The versioned R code used for DecTree v.1.0 model setup and evaluation
is referenced in the section “Code availability”. It is based on version
v0.0.4 of the
RedModRphree package for the R environment
(R Core Team, 2020), which is also referenced in the section “Code
availability”. It makes use of the geochemical simulator PHREEQC
(Appelo et al., 2013).
RedModRphree supersedes the in-house-developed R-PHREEQC interface
(https://rphree.r-forge.r-project.org/, last access: 23 July 2021, De Lucia and Kühn, 2013).
The benchmarks and the performance measurements refer to computations run on a recent desktop workstation equipped with an Intel Xeon W-2133 CPU with clock at 3.60 GHz and DDR4 RAM at 2.666 GHz under Linux kernel 5.9.14 and R version 4.0.3. If not otherwise specified, only one CPU core is employed for all computational tasks.
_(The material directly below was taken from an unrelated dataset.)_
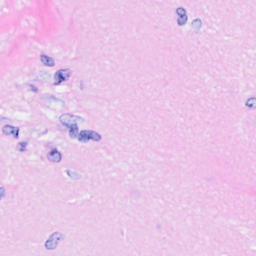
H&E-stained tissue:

Since in an operator-splitting approach the simulation of geochemical subprocess is inherently an embarrassing parallel task, in which at each time step one geochemical simulation per grid element is required completely independent of the neighbours, the speedup achieved on a single CPU as in this work will transfer on parallel computations in which each CPU is assigned a comparable number of grid elements up to the overhead required to dispatch and collect the results in a parallel environment.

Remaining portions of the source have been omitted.